Online Conformal Selection with Accept-to-Reject Changes
This work addresses a limitation in online conformal selection for applications like drug discovery where decisions must be irreversible, offering a method with theoretical guarantees and improved performance.
The paper tackles the problem of online candidate selection with irreversible decisions, such as in drug discovery, by proposing OCS-ARC, a method that extends conformal selection to allow reconsideration of non-selected candidates while ensuring irreversible selection. It theoretically guarantees false discovery rate control at or below the nominal level and shows significant improvement in selection power over baselines in experiments.
Selecting a subset of promising candidates from a large pool is crucial across various scientific and real-world applications. Conformal selection offers a distribution-free and model-agnostic framework for candidate selection with uncertainty quantification. While effective in offline settings, its application to online scenarios, where data arrives sequentially, poses challenges. Notably, conformal selection permits the deselection of previously selected candidates, which is incompatible with applications requiring irreversible selection decisions.
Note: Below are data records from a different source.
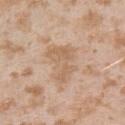No biopsy was performed on this lesion — it was imaged during a full skin examination and was not determined to be concerning.
The recorded lesion diameter is about 5 mm.
A female subject in their mid- to late 20s.
This is a white-light tile.
From the left upper arm.
A lesion tile, about 15 mm wide, cut from a 3D total-body photograph.
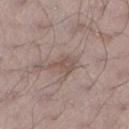No biopsy was performed on this lesion — it was imaged during a full skin examination and was not determined to be concerning.
The patient is a male aged 23 to 27.
The recorded lesion diameter is about 4 mm.
This is a white-light tile.
The total-body-photography lesion software estimated internal color variation of about 2.5 on a 0–10 scale and radial color variation of about 1.
Located on the left lower leg.
A roughly 15 mm field-of-view crop from a total-body skin photograph.
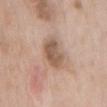Clinical impression: Captured during whole-body skin photography for melanoma surveillance; the lesion was not biopsied. Context: The lesion is on the mid back. A close-up tile cropped from a whole-body skin photograph, about 15 mm across. Captured under white-light illumination. A male subject aged approximately 65. Longest diameter approximately 4.5 mm. The total-body-photography lesion software estimated an area of roughly 9 mm², an eccentricity of roughly 0.85, and a shape-asymmetry score of about 0.2 (0 = symmetric). And it measured a color-variation rating of about 3.5/10 and radial color variation of about 1. The software also gave lesion-presence confidence of about 100/100.
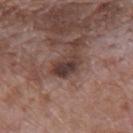No biopsy was performed on this lesion — it was imaged during a full skin examination and was not determined to be concerning. From the mid back. The tile uses white-light illumination. This image is a 15 mm lesion crop taken from a total-body photograph. A male patient about 70 years old.
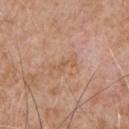notes=catalogued during a skin exam; not biopsied
acquisition=total-body-photography crop, ~15 mm field of view
location=the chest
patient=male, aged 63 to 67
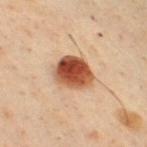  biopsy_status: not biopsied; imaged during a skin examination
  patient:
    sex: male
    age_approx: 50
  site: chest
  image:
    source: total-body photography crop
    field_of_view_mm: 15
  lighting: cross-polarized
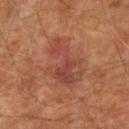follow-up — catalogued during a skin exam; not biopsied | body site — the right upper arm | TBP lesion metrics — a footprint of about 17 mm², an eccentricity of roughly 0.85, and a symmetry-axis asymmetry near 0.35; an average lesion color of about L≈44 a*≈26 b*≈29 (CIELAB) and about 7 CIELAB-L* units darker than the surrounding skin; a border-irregularity index near 6/10, internal color variation of about 5 on a 0–10 scale, and a peripheral color-asymmetry measure near 1.5; a nevus-likeness score of about 0/100 and lesion-presence confidence of about 100/100 | acquisition — total-body-photography crop, ~15 mm field of view | lighting — cross-polarized illumination | patient — male, aged approximately 65 | lesion diameter — ≈6.5 mm.
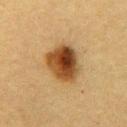notes: imaged on a skin check; not biopsied | anatomic site: the chest | patient: female, aged around 55 | diameter: ≈5 mm | acquisition: 15 mm crop, total-body photography.
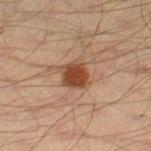Clinical impression:
Part of a total-body skin-imaging series; this lesion was reviewed on a skin check and was not flagged for biopsy.
Context:
The lesion is on the right thigh. Imaged with cross-polarized lighting. A male subject, aged approximately 45. Approximately 3 mm at its widest. A region of skin cropped from a whole-body photographic capture, roughly 15 mm wide. The lesion-visualizer software estimated an area of roughly 7.5 mm², a shape eccentricity near 0.45, and a shape-asymmetry score of about 0.2 (0 = symmetric). The analysis additionally found an average lesion color of about L≈37 a*≈19 b*≈27 (CIELAB), a lesion–skin lightness drop of about 11, and a normalized lesion–skin contrast near 10. The analysis additionally found a border-irregularity index near 2.5/10, a color-variation rating of about 3.5/10, and a peripheral color-asymmetry measure near 1.
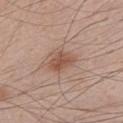{
  "biopsy_status": "not biopsied; imaged during a skin examination",
  "lighting": "white-light",
  "site": "front of the torso",
  "automated_metrics": {
    "cielab_L": 52,
    "cielab_a": 20,
    "cielab_b": 29,
    "vs_skin_darker_L": 10.0
  },
  "patient": {
    "sex": "male",
    "age_approx": 60
  },
  "lesion_size": {
    "long_diameter_mm_approx": 3.5
  },
  "image": {
    "source": "total-body photography crop",
    "field_of_view_mm": 15
  }
}
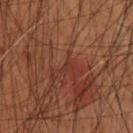Q: Was this lesion biopsied?
A: total-body-photography surveillance lesion; no biopsy
Q: What did automated image analysis measure?
A: an eccentricity of roughly 0.75 and a shape-asymmetry score of about 0.3 (0 = symmetric); roughly 4 lightness units darker than nearby skin and a normalized border contrast of about 4; a classifier nevus-likeness of about 0/100 and a lesion-detection confidence of about 5/100
Q: How large is the lesion?
A: ~1.5 mm (longest diameter)
Q: What is the imaging modality?
A: ~15 mm crop, total-body skin-cancer survey
Q: What is the anatomic site?
A: the upper back
Q: What lighting was used for the tile?
A: cross-polarized
Q: What are the patient's age and sex?
A: male, aged approximately 60
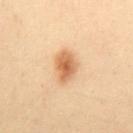• workup — imaged on a skin check; not biopsied
• subject — female, aged 38 to 42
• automated metrics — a lesion color around L≈52 a*≈19 b*≈33 in CIELAB, a lesion–skin lightness drop of about 11, and a lesion-to-skin contrast of about 8.5 (normalized; higher = more distinct)
• illumination — cross-polarized illumination
• lesion size — ~3.5 mm (longest diameter)
• acquisition — 15 mm crop, total-body photography
• anatomic site — the abdomen
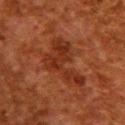This lesion was catalogued during total-body skin photography and was not selected for biopsy.
The recorded lesion diameter is about 7 mm.
Cropped from a total-body skin-imaging series; the visible field is about 15 mm.
The patient is a female in their 50s.
Imaged with cross-polarized lighting.
The lesion is on the back.
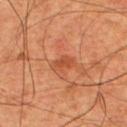biopsy_status: not biopsied; imaged during a skin examination
patient:
  sex: male
  age_approx: 55
lighting: cross-polarized
lesion_size:
  long_diameter_mm_approx: 3.0
image:
  source: total-body photography crop
  field_of_view_mm: 15
site: chest
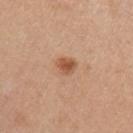biopsy status: imaged on a skin check; not biopsied
automated lesion analysis: an outline eccentricity of about 0.65 (0 = round, 1 = elongated)
site: the left upper arm
imaging modality: ~15 mm crop, total-body skin-cancer survey
lesion diameter: ≈2.5 mm
tile lighting: white-light
patient: female, about 65 years old
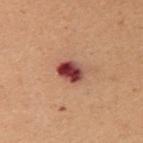Impression: The lesion was tiled from a total-body skin photograph and was not biopsied. Image and clinical context: This is a cross-polarized tile. About 3 mm across. The patient is a female aged 48 to 52. Cropped from a total-body skin-imaging series; the visible field is about 15 mm. The lesion-visualizer software estimated a footprint of about 6 mm² and a shape eccentricity near 0.6. The software also gave a classifier nevus-likeness of about 0/100 and a detector confidence of about 100 out of 100 that the crop contains a lesion. On the chest.
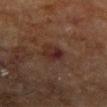Assessment: Part of a total-body skin-imaging series; this lesion was reviewed on a skin check and was not flagged for biopsy. Acquisition and patient details: Approximately 3 mm at its widest. A region of skin cropped from a whole-body photographic capture, roughly 15 mm wide. A female patient roughly 80 years of age. The lesion is on the right forearm. This is a cross-polarized tile.
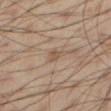workup: imaged on a skin check; not biopsied
site: the right thigh
image source: total-body-photography crop, ~15 mm field of view
patient: male, roughly 55 years of age
TBP lesion metrics: an average lesion color of about L≈53 a*≈15 b*≈28 (CIELAB), about 7 CIELAB-L* units darker than the surrounding skin, and a normalized lesion–skin contrast near 5.5; a border-irregularity index near 2.5/10 and a within-lesion color-variation index near 1.5/10
lesion size: ≈2.5 mm
illumination: cross-polarized illumination
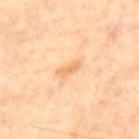Q: Is there a histopathology result?
A: total-body-photography surveillance lesion; no biopsy
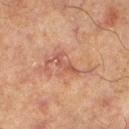follow-up — imaged on a skin check; not biopsied
TBP lesion metrics — an area of roughly 3.5 mm², an eccentricity of roughly 0.9, and a shape-asymmetry score of about 0.5 (0 = symmetric); an average lesion color of about L≈43 a*≈21 b*≈24 (CIELAB) and about 7 CIELAB-L* units darker than the surrounding skin
site — the right lower leg
subject — male, approximately 65 years of age
illumination — cross-polarized
diameter — about 3.5 mm
acquisition — 15 mm crop, total-body photography
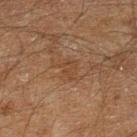Imaged during a routine full-body skin examination; the lesion was not biopsied and no histopathology is available. A 15 mm close-up extracted from a 3D total-body photography capture. Approximately 2.5 mm at its widest. On the left lower leg. Captured under cross-polarized illumination. The lesion-visualizer software estimated an average lesion color of about L≈33 a*≈15 b*≈25 (CIELAB), about 4 CIELAB-L* units darker than the surrounding skin, and a normalized lesion–skin contrast near 4.5. The software also gave border irregularity of about 4 on a 0–10 scale and a color-variation rating of about 1/10. The patient is a male aged approximately 60.
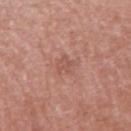This lesion was catalogued during total-body skin photography and was not selected for biopsy. Measured at roughly 3 mm in maximum diameter. A male subject, aged approximately 70. Located on the right upper arm. A 15 mm crop from a total-body photograph taken for skin-cancer surveillance. The lesion-visualizer software estimated an eccentricity of roughly 0.7. And it measured a lesion color around L≈54 a*≈24 b*≈27 in CIELAB, a lesion–skin lightness drop of about 6, and a lesion-to-skin contrast of about 4.5 (normalized; higher = more distinct). The software also gave a detector confidence of about 100 out of 100 that the crop contains a lesion. The tile uses white-light illumination.
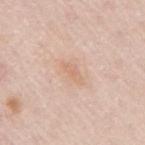Captured during whole-body skin photography for melanoma surveillance; the lesion was not biopsied. Located on the right upper arm. A female patient, aged approximately 65. The recorded lesion diameter is about 3.5 mm. A lesion tile, about 15 mm wide, cut from a 3D total-body photograph. An algorithmic analysis of the crop reported a lesion color around L≈68 a*≈19 b*≈31 in CIELAB, roughly 6 lightness units darker than nearby skin, and a normalized lesion–skin contrast near 5. The software also gave an automated nevus-likeness rating near 0 out of 100 and a detector confidence of about 100 out of 100 that the crop contains a lesion.
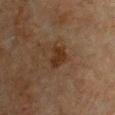Captured during whole-body skin photography for melanoma surveillance; the lesion was not biopsied. The patient is a male in their mid- to late 60s. Approximately 3 mm at its widest. A close-up tile cropped from a whole-body skin photograph, about 15 mm across. The lesion is located on the front of the torso. Imaged with cross-polarized lighting.
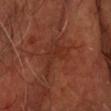Q: Was this lesion biopsied?
A: catalogued during a skin exam; not biopsied
Q: Automated lesion metrics?
A: a color-variation rating of about 4/10; an automated nevus-likeness rating near 0 out of 100 and a lesion-detection confidence of about 90/100
Q: How large is the lesion?
A: ~4.5 mm (longest diameter)
Q: Lesion location?
A: the head or neck
Q: How was this image acquired?
A: total-body-photography crop, ~15 mm field of view
Q: Who is the patient?
A: male, aged 63–67
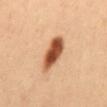Assessment: The lesion was photographed on a routine skin check and not biopsied; there is no pathology result.
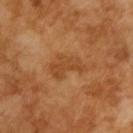The lesion was photographed on a routine skin check and not biopsied; there is no pathology result.
The total-body-photography lesion software estimated a detector confidence of about 100 out of 100 that the crop contains a lesion.
Imaged with cross-polarized lighting.
Approximately 4 mm at its widest.
A male subject, about 65 years old.
This image is a 15 mm lesion crop taken from a total-body photograph.
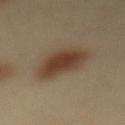{
  "biopsy_status": "not biopsied; imaged during a skin examination",
  "site": "mid back",
  "image": {
    "source": "total-body photography crop",
    "field_of_view_mm": 15
  },
  "patient": {
    "sex": "female",
    "age_approx": 40
  },
  "lesion_size": {
    "long_diameter_mm_approx": 7.0
  },
  "lighting": "cross-polarized"
}
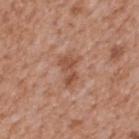Findings:
• biopsy status · total-body-photography surveillance lesion; no biopsy
• acquisition · ~15 mm tile from a whole-body skin photo
• patient · male, roughly 65 years of age
• location · the mid back
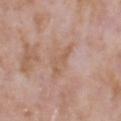Part of a total-body skin-imaging series; this lesion was reviewed on a skin check and was not flagged for biopsy. Automated tile analysis of the lesion measured a lesion area of about 5 mm², a shape eccentricity near 0.95, and two-axis asymmetry of about 0.55. A 15 mm crop from a total-body photograph taken for skin-cancer surveillance. The lesion is located on the head or neck. This is a white-light tile. A male patient, roughly 70 years of age.
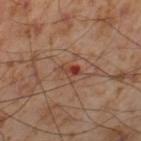{
  "biopsy_status": "not biopsied; imaged during a skin examination",
  "patient": {
    "sex": "male",
    "age_approx": 55
  },
  "site": "left thigh",
  "image": {
    "source": "total-body photography crop",
    "field_of_view_mm": 15
  }
}
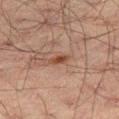Clinical impression:
The lesion was photographed on a routine skin check and not biopsied; there is no pathology result.
Context:
The lesion's longest dimension is about 3 mm. The tile uses cross-polarized illumination. A roughly 15 mm field-of-view crop from a total-body skin photograph. From the right thigh. The lesion-visualizer software estimated a color-variation rating of about 1/10 and a peripheral color-asymmetry measure near 0. A male patient aged 48–52.
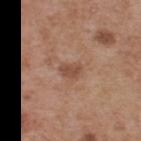A male patient, aged approximately 55. On the back. Cropped from a whole-body photographic skin survey; the tile spans about 15 mm.
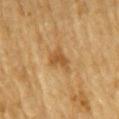Q: Is there a histopathology result?
A: total-body-photography surveillance lesion; no biopsy
Q: What is the imaging modality?
A: ~15 mm tile from a whole-body skin photo
Q: How large is the lesion?
A: about 3 mm
Q: How was the tile lit?
A: cross-polarized
Q: What did automated image analysis measure?
A: a lesion area of about 5 mm² and an eccentricity of roughly 0.7; a color-variation rating of about 2.5/10 and a peripheral color-asymmetry measure near 1; a classifier nevus-likeness of about 20/100 and lesion-presence confidence of about 100/100
Q: What are the patient's age and sex?
A: male, about 85 years old or older
Q: Lesion location?
A: the right upper arm
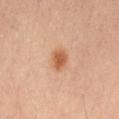Assessment: Captured during whole-body skin photography for melanoma surveillance; the lesion was not biopsied. Clinical summary: A lesion tile, about 15 mm wide, cut from a 3D total-body photograph. From the leg. The subject is a male in their mid-50s.
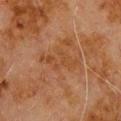Q: Was a biopsy performed?
A: no biopsy performed (imaged during a skin exam)
Q: Who is the patient?
A: male, roughly 80 years of age
Q: What is the anatomic site?
A: the upper back
Q: Illumination type?
A: cross-polarized
Q: How large is the lesion?
A: about 5 mm
Q: What is the imaging modality?
A: ~15 mm tile from a whole-body skin photo
Q: What did automated image analysis measure?
A: a footprint of about 8 mm², a shape eccentricity near 0.9, and a shape-asymmetry score of about 0.45 (0 = symmetric); a lesion color around L≈36 a*≈19 b*≈30 in CIELAB and a lesion–skin lightness drop of about 4; a nevus-likeness score of about 0/100 and lesion-presence confidence of about 100/100
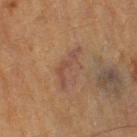Part of a total-body skin-imaging series; this lesion was reviewed on a skin check and was not flagged for biopsy. The lesion-visualizer software estimated a lesion area of about 8.5 mm², an eccentricity of roughly 0.9, and two-axis asymmetry of about 0.35. It also reported a within-lesion color-variation index near 3.5/10 and a peripheral color-asymmetry measure near 1.5. The analysis additionally found a classifier nevus-likeness of about 5/100 and a lesion-detection confidence of about 50/100. The patient is a male aged around 85 or older. Longest diameter approximately 5.5 mm. On the left thigh. A roughly 15 mm field-of-view crop from a total-body skin photograph.
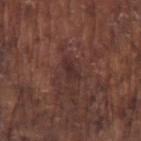Acquisition and patient details:
Cropped from a whole-body photographic skin survey; the tile spans about 15 mm. On the left upper arm. The lesion's longest dimension is about 3 mm. Automated image analysis of the tile measured an area of roughly 3.5 mm² and a shape eccentricity near 0.85. And it measured a mean CIELAB color near L≈29 a*≈19 b*≈19, a lesion–skin lightness drop of about 6, and a lesion-to-skin contrast of about 6.5 (normalized; higher = more distinct). The software also gave a lesion-detection confidence of about 90/100. Imaged with white-light lighting. A male patient aged around 75.
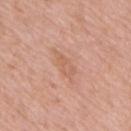Clinical impression: Part of a total-body skin-imaging series; this lesion was reviewed on a skin check and was not flagged for biopsy. Image and clinical context: A close-up tile cropped from a whole-body skin photograph, about 15 mm across. The patient is a male roughly 60 years of age. The lesion is located on the mid back.
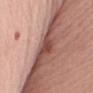The patient is a female roughly 65 years of age. From the right upper arm. A close-up tile cropped from a whole-body skin photograph, about 15 mm across.
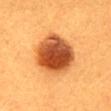Recorded during total-body skin imaging; not selected for excision or biopsy.
The recorded lesion diameter is about 6 mm.
Cropped from a whole-body photographic skin survey; the tile spans about 15 mm.
The lesion-visualizer software estimated an area of roughly 23 mm², an eccentricity of roughly 0.55, and two-axis asymmetry of about 0.1. It also reported an automated nevus-likeness rating near 100 out of 100 and a lesion-detection confidence of about 100/100.
The lesion is on the back.
This is a cross-polarized tile.
A female subject aged approximately 30.
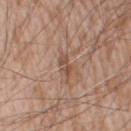Clinical impression:
This lesion was catalogued during total-body skin photography and was not selected for biopsy.
Acquisition and patient details:
Measured at roughly 2.5 mm in maximum diameter. On the arm. This image is a 15 mm lesion crop taken from a total-body photograph. A male subject aged around 60. This is a white-light tile. Automated image analysis of the tile measured an average lesion color of about L≈50 a*≈19 b*≈29 (CIELAB), a lesion–skin lightness drop of about 9, and a normalized border contrast of about 6.5. And it measured lesion-presence confidence of about 85/100.
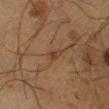Clinical impression: The lesion was tiled from a total-body skin photograph and was not biopsied. Clinical summary: The lesion is on the right lower leg. A male patient, in their 60s. Imaged with cross-polarized lighting. The recorded lesion diameter is about 2.5 mm. Cropped from a whole-body photographic skin survey; the tile spans about 15 mm.
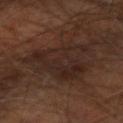notes: imaged on a skin check; not biopsied | patient: male, aged around 60 | image source: 15 mm crop, total-body photography | automated metrics: an average lesion color of about L≈23 a*≈15 b*≈20 (CIELAB), roughly 5 lightness units darker than nearby skin, and a normalized lesion–skin contrast near 6; a border-irregularity index near 5.5/10 and a peripheral color-asymmetry measure near 1 | body site: the arm | lesion diameter: about 7 mm | lighting: cross-polarized illumination.
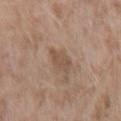biopsy_status: not biopsied; imaged during a skin examination
lesion_size:
  long_diameter_mm_approx: 3.0
patient:
  sex: female
  age_approx: 75
site: left forearm
image:
  source: total-body photography crop
  field_of_view_mm: 15
lighting: white-light
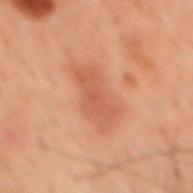Captured during whole-body skin photography for melanoma surveillance; the lesion was not biopsied. The tile uses cross-polarized illumination. A roughly 15 mm field-of-view crop from a total-body skin photograph. About 6.5 mm across. The lesion is on the mid back. The subject is a male aged around 60.
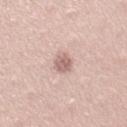The lesion was tiled from a total-body skin photograph and was not biopsied. About 2.5 mm across. A 15 mm close-up tile from a total-body photography series done for melanoma screening. This is a white-light tile. The lesion is located on the right upper arm. Automated image analysis of the tile measured a lesion area of about 4 mm², an eccentricity of roughly 0.65, and a shape-asymmetry score of about 0.2 (0 = symmetric). And it measured a lesion–skin lightness drop of about 12 and a lesion-to-skin contrast of about 7.5 (normalized; higher = more distinct). A female subject aged around 35.
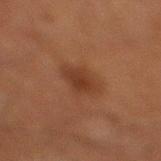Findings:
– notes: catalogued during a skin exam; not biopsied
– subject: male, roughly 65 years of age
– image: 15 mm crop, total-body photography
– anatomic site: the left lower leg
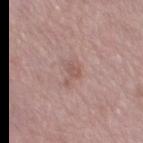This lesion was catalogued during total-body skin photography and was not selected for biopsy. A 15 mm crop from a total-body photograph taken for skin-cancer surveillance. A female subject, aged around 70. On the left thigh. This is a white-light tile. The recorded lesion diameter is about 3 mm.
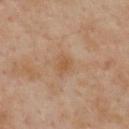Imaged during a routine full-body skin examination; the lesion was not biopsied and no histopathology is available. The patient is a male roughly 55 years of age. The lesion is on the upper back. Approximately 2.5 mm at its widest. This is a cross-polarized tile. A 15 mm close-up extracted from a 3D total-body photography capture.
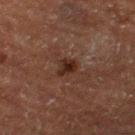workup = catalogued during a skin exam; not biopsied | automated metrics = a lesion area of about 4 mm² and a shape eccentricity near 0.55; a lesion color around L≈21 a*≈16 b*≈20 in CIELAB, a lesion–skin lightness drop of about 8, and a normalized border contrast of about 9; a border-irregularity rating of about 3/10 and peripheral color asymmetry of about 1.5; an automated nevus-likeness rating near 75 out of 100 and a lesion-detection confidence of about 100/100 | tile lighting = cross-polarized illumination | imaging modality = total-body-photography crop, ~15 mm field of view | location = the left thigh | patient = male, aged around 75.
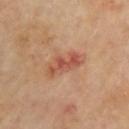The lesion was tiled from a total-body skin photograph and was not biopsied. Located on the right upper arm. A close-up tile cropped from a whole-body skin photograph, about 15 mm across. A male patient aged around 65.
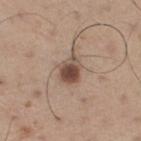The lesion was photographed on a routine skin check and not biopsied; there is no pathology result.
A male patient approximately 65 years of age.
A close-up tile cropped from a whole-body skin photograph, about 15 mm across.
On the right thigh.
This is a white-light tile.
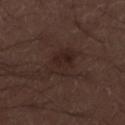The subject is a male in their 30s. The total-body-photography lesion software estimated border irregularity of about 4 on a 0–10 scale, internal color variation of about 3 on a 0–10 scale, and peripheral color asymmetry of about 1. The analysis additionally found a classifier nevus-likeness of about 25/100 and a detector confidence of about 100 out of 100 that the crop contains a lesion. A 15 mm close-up extracted from a 3D total-body photography capture. The lesion's longest dimension is about 4 mm. The lesion is on the right lower leg. Imaged with white-light lighting.
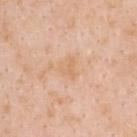workup: no biopsy performed (imaged during a skin exam); body site: the upper back; lesion size: ≈2.5 mm; patient: female, in their 40s; acquisition: 15 mm crop, total-body photography; lighting: white-light.
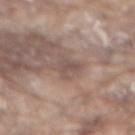<record>
<biopsy_status>not biopsied; imaged during a skin examination</biopsy_status>
<patient>
  <sex>male</sex>
  <age_approx>80</age_approx>
</patient>
<lesion_size>
  <long_diameter_mm_approx>3.0</long_diameter_mm_approx>
</lesion_size>
<lighting>white-light</lighting>
<site>mid back</site>
<image>
  <source>total-body photography crop</source>
  <field_of_view_mm>15</field_of_view_mm>
</image>
<automated_metrics>
  <area_mm2_approx>4.0</area_mm2_approx>
  <eccentricity>0.6</eccentricity>
  <shape_asymmetry>0.45</shape_asymmetry>
</automated_metrics>
</record>
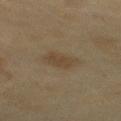notes = no biopsy performed (imaged during a skin exam); patient = female, roughly 60 years of age; image source = total-body-photography crop, ~15 mm field of view; location = the upper back; lighting = cross-polarized illumination; lesion size = ≈3.5 mm; TBP lesion metrics = a lesion–skin lightness drop of about 6 and a normalized lesion–skin contrast near 5.5.
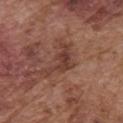biopsy status: catalogued during a skin exam; not biopsied | acquisition: ~15 mm crop, total-body skin-cancer survey | patient: male, aged 73 to 77 | automated metrics: a lesion–skin lightness drop of about 8 | diameter: about 5.5 mm | site: the front of the torso | tile lighting: white-light.
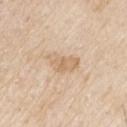Clinical impression:
The lesion was photographed on a routine skin check and not biopsied; there is no pathology result.
Acquisition and patient details:
The lesion is located on the right upper arm. A lesion tile, about 15 mm wide, cut from a 3D total-body photograph. The patient is a male roughly 80 years of age.
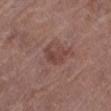The lesion was tiled from a total-body skin photograph and was not biopsied.
From the left lower leg.
Imaged with white-light lighting.
Longest diameter approximately 3.5 mm.
Cropped from a total-body skin-imaging series; the visible field is about 15 mm.
The subject is a female aged around 80.
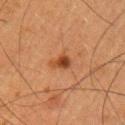Assessment:
Recorded during total-body skin imaging; not selected for excision or biopsy.
Clinical summary:
The lesion's longest dimension is about 2.5 mm. The patient is a male aged 48–52. Imaged with cross-polarized lighting. A lesion tile, about 15 mm wide, cut from a 3D total-body photograph. From the left upper arm.
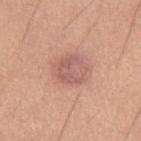biopsy_status: not biopsied; imaged during a skin examination
patient:
  sex: female
  age_approx: 45
automated_metrics:
  area_mm2_approx: 11.0
  eccentricity: 0.4
  shape_asymmetry: 0.15
  cielab_L: 59
  cielab_a: 24
  cielab_b: 25
  vs_skin_darker_L: 9.0
  vs_skin_contrast_norm: 6.0
  color_variation_0_10: 4.0
  peripheral_color_asymmetry: 1.5
site: right thigh
lighting: white-light
image:
  source: total-body photography crop
  field_of_view_mm: 15
lesion_size:
  long_diameter_mm_approx: 4.0
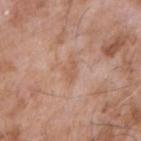No biopsy was performed on this lesion — it was imaged during a full skin examination and was not determined to be concerning. The lesion's longest dimension is about 2.5 mm. Cropped from a total-body skin-imaging series; the visible field is about 15 mm. The subject is a male aged around 75. From the right forearm.
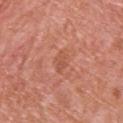Assessment:
The lesion was tiled from a total-body skin photograph and was not biopsied.
Image and clinical context:
The patient is a female aged approximately 40. Cropped from a total-body skin-imaging series; the visible field is about 15 mm. The tile uses white-light illumination. Measured at roughly 3 mm in maximum diameter. From the upper back.

This limitation is particularly evident in resource-intensive sequential processes, such as drug discovery, where advancing a compound to subsequent stages renders reversal impractical. To address this issue, we extend conformal selection to an online Accept-to-Reject Changes (ARC) procedure: non-selected data points can be reconsidered for selection later, and once a candidate is selected, the decision is irreversible. Specifically, we propose a novel conformal selection method, Online Conformal Selection with Accept-to-Reject Changes (dubbed OCS-ARC), which incorporates online Benjamini-Hochberg procedure into the candidate selection process. We provide theoretical guarantees that OCS-ARC controls the false discovery rate (FDR) at or below the nominal level at any timestep under both i.i.d. and exchangeable data assumptions. Additionally, we theoretically show that our approach naturally extends to multivariate response settings. Extensive experiments on synthetic and real-world datasets demonstrate that OCS-ARC significantly improves selection power over the baseline while maintaining valid FDR control across all examined timesteps.